━━ GIVEN RECORDS

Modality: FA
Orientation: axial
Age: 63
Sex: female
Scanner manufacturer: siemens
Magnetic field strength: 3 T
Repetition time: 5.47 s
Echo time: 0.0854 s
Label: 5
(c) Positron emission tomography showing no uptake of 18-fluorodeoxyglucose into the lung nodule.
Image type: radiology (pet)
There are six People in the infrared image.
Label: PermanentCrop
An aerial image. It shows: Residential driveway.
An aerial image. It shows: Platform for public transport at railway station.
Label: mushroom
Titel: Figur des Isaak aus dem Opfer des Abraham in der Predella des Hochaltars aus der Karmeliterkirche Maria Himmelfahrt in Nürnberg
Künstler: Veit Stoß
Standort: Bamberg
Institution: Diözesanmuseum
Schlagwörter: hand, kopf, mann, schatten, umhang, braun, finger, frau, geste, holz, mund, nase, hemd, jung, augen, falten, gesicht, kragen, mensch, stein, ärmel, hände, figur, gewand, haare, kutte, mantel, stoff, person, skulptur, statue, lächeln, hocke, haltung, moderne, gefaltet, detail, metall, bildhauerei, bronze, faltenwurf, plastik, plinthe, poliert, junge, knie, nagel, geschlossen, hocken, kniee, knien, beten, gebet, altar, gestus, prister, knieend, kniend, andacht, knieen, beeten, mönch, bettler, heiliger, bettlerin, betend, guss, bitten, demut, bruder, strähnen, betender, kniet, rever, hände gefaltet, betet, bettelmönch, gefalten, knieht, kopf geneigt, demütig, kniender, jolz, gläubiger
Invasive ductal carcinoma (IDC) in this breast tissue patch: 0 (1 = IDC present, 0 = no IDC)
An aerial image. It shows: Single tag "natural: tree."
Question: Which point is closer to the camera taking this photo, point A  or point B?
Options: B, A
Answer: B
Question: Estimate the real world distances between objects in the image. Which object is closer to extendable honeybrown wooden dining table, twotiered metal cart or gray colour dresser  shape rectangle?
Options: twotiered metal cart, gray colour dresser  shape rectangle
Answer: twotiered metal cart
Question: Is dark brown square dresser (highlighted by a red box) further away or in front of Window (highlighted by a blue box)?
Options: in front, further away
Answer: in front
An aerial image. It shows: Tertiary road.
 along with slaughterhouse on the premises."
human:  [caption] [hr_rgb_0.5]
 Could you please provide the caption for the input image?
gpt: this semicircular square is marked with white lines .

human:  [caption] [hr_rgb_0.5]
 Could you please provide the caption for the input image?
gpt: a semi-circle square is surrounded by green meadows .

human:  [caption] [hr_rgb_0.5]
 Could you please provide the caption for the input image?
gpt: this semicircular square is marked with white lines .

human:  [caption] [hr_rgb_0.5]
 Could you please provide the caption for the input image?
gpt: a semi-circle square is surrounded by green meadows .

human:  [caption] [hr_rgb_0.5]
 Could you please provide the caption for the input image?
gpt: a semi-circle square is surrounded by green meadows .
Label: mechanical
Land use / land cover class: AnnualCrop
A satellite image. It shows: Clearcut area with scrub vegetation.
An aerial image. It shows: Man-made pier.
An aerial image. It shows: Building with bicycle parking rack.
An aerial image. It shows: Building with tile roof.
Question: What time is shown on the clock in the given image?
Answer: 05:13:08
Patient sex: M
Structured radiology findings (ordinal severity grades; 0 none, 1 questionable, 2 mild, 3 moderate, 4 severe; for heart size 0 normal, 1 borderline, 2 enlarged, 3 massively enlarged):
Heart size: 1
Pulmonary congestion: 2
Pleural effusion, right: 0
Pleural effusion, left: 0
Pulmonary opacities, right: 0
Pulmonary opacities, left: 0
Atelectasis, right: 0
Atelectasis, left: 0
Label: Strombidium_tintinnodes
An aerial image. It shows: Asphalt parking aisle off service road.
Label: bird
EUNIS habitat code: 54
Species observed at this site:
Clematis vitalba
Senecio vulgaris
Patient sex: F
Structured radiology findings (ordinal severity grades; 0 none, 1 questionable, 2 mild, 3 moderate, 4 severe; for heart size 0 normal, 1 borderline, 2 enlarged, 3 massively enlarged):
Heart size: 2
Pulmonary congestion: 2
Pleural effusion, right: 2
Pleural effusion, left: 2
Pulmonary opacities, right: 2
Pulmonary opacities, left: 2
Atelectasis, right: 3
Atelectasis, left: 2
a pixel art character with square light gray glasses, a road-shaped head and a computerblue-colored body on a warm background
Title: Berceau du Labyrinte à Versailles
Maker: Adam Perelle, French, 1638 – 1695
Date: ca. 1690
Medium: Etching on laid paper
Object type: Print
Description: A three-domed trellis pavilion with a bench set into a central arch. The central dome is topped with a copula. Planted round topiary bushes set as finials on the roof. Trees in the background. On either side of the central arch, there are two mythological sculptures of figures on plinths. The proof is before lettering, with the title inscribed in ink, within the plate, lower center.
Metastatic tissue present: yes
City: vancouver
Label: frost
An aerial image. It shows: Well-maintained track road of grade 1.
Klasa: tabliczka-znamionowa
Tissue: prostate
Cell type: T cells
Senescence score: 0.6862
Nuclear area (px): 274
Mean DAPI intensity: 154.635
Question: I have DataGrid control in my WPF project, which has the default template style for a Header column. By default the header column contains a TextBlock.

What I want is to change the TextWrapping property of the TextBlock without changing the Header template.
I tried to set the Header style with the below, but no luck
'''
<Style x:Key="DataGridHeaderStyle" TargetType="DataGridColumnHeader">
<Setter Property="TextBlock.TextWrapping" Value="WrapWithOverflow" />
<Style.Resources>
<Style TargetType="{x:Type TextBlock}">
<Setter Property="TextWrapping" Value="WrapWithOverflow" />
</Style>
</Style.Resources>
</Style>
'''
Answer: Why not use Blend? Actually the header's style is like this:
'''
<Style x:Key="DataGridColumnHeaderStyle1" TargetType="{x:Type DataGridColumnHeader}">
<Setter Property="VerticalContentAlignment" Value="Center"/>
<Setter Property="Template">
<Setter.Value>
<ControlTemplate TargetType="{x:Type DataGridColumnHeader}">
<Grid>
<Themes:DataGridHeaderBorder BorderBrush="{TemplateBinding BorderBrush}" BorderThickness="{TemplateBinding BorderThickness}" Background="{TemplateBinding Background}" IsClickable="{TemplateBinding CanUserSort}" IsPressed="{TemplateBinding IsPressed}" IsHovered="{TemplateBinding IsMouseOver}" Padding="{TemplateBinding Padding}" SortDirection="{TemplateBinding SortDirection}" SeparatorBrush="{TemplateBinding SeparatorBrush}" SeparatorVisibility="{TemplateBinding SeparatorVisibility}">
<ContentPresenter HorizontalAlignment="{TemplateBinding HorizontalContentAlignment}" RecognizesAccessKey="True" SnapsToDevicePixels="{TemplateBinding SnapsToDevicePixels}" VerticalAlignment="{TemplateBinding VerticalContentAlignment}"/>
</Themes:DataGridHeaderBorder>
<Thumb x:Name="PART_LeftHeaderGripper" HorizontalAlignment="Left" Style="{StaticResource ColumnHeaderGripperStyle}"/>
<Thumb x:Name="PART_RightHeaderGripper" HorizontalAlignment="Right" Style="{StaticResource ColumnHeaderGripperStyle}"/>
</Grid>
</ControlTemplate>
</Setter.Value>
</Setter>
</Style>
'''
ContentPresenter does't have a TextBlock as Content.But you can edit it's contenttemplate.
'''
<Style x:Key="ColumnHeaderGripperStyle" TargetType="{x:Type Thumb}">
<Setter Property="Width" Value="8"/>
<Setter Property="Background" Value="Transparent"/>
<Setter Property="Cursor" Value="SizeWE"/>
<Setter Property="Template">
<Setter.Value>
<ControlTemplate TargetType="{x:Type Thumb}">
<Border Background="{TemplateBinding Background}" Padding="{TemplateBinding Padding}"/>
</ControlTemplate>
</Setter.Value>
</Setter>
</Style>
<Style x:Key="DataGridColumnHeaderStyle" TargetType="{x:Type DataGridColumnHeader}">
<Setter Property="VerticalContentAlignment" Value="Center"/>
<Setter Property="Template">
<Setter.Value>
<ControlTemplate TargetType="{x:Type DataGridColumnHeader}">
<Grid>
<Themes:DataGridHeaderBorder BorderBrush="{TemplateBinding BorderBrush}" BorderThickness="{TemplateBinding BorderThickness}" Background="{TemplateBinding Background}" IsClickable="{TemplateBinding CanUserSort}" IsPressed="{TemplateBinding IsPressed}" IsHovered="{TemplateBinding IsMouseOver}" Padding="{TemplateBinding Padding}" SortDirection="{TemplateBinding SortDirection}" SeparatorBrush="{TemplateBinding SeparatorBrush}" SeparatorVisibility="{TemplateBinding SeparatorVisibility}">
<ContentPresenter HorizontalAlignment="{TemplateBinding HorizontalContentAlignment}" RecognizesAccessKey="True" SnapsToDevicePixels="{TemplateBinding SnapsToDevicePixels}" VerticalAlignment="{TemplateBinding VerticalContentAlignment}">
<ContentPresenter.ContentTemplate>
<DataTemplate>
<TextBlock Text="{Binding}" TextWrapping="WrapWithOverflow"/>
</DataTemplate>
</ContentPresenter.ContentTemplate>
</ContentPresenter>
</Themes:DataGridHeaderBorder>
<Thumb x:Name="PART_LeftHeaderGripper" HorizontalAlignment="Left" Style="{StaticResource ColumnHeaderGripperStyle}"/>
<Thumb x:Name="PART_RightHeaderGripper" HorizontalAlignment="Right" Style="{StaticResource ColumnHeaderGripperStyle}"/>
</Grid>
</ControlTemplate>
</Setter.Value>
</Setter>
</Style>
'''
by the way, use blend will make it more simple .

━━━━

→ TASK TO COMPLETE: Write down again, exactly as given, only the lines above that fall from the line with "Atelectasis, right: 3" to the line with "Maker: Adam Perelle, French, 1638 – 1695", inclusive.

→ TASK SOLUTION:
Atelectasis, right: 3
Atelectasis, left: 2
a pixel art character with square light gray glasses, a road-shaped head and a computerblue-colored body on a warm background
Title: Berceau du Labyrinte à Versailles
Maker: Adam Perelle, French, 1638 – 1695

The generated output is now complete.